EXERCISE DESCRIPTION> Give back every line of the material below that has the string "tower".

Content starts

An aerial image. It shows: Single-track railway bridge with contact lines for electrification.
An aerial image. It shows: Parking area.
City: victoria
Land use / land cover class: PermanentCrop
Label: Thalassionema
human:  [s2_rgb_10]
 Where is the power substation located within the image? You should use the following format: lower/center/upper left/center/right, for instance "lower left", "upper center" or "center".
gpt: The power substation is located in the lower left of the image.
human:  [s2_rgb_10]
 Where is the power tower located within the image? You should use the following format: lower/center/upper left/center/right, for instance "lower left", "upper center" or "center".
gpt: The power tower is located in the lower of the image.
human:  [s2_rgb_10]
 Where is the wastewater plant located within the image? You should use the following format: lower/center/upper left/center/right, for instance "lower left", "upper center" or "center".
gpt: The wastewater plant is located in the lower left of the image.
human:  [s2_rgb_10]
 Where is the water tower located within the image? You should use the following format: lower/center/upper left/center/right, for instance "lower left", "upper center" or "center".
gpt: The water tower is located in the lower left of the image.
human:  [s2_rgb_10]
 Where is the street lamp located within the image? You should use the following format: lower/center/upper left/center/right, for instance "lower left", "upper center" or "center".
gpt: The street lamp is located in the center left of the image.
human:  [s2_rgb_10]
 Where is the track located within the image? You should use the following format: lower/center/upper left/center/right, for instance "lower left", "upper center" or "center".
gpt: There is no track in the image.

Content ends
Content starts

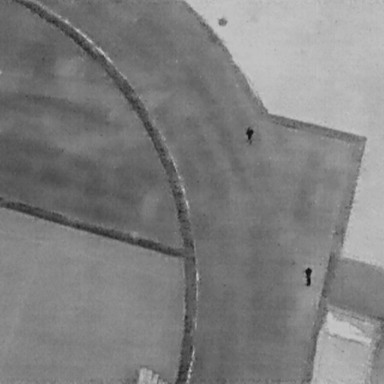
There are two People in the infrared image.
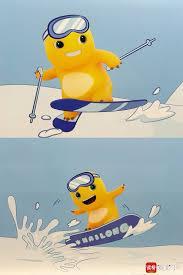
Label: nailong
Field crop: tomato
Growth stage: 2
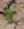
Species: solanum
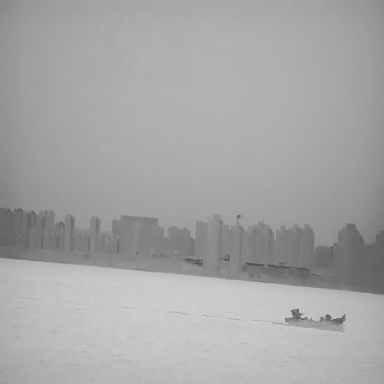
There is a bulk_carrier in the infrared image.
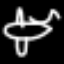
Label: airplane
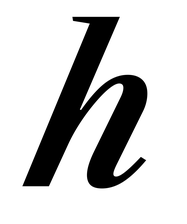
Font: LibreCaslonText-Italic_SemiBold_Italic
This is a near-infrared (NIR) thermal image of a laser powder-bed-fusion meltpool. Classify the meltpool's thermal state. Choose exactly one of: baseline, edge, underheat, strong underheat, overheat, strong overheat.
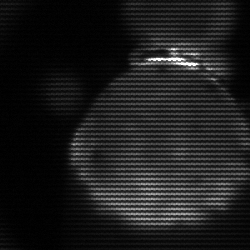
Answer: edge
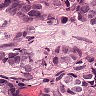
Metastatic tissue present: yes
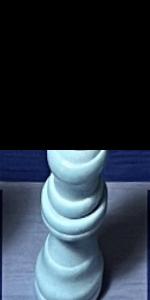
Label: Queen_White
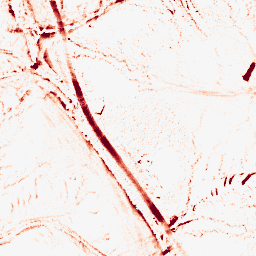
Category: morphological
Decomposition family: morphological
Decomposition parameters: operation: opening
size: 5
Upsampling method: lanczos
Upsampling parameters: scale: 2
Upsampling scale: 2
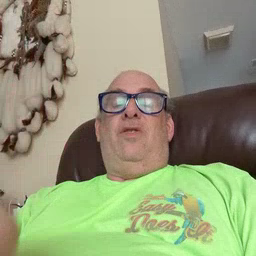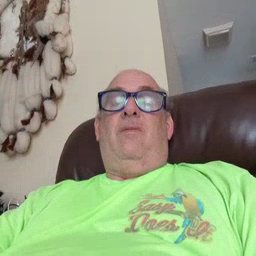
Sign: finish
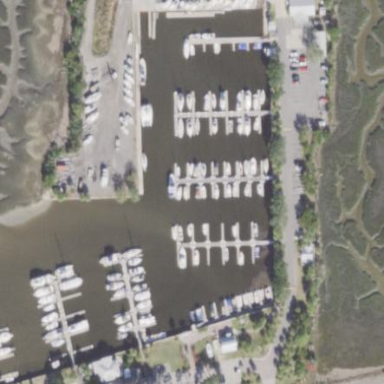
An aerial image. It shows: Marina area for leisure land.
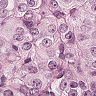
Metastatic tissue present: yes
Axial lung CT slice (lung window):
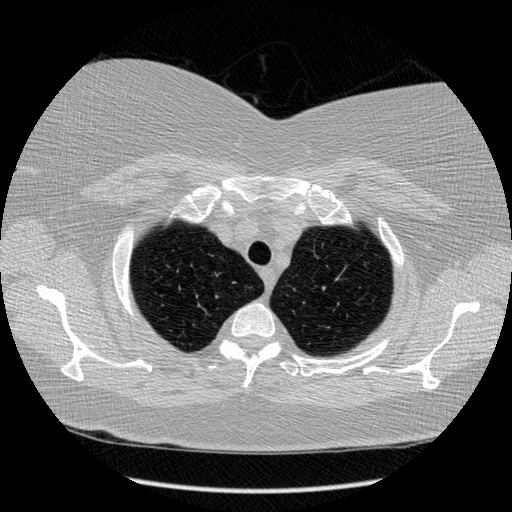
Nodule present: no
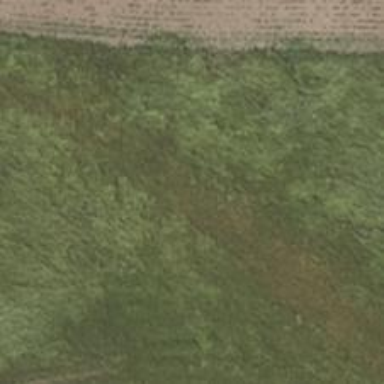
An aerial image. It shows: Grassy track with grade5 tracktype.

Content ends

COMPLETED EXERCISE>
 Where is the power tower located within the image? You should use the following format: lower/center/upper left/center/right, for instance "lower left", "upper center" or "center".
gpt: The power tower is located in the lower of the image.
 Where is the water tower located within the image? You should use the following format: lower/center/upper left/center/right, for instance "lower left", "upper center" or "center".
gpt: The water tower is located in the lower left of the image.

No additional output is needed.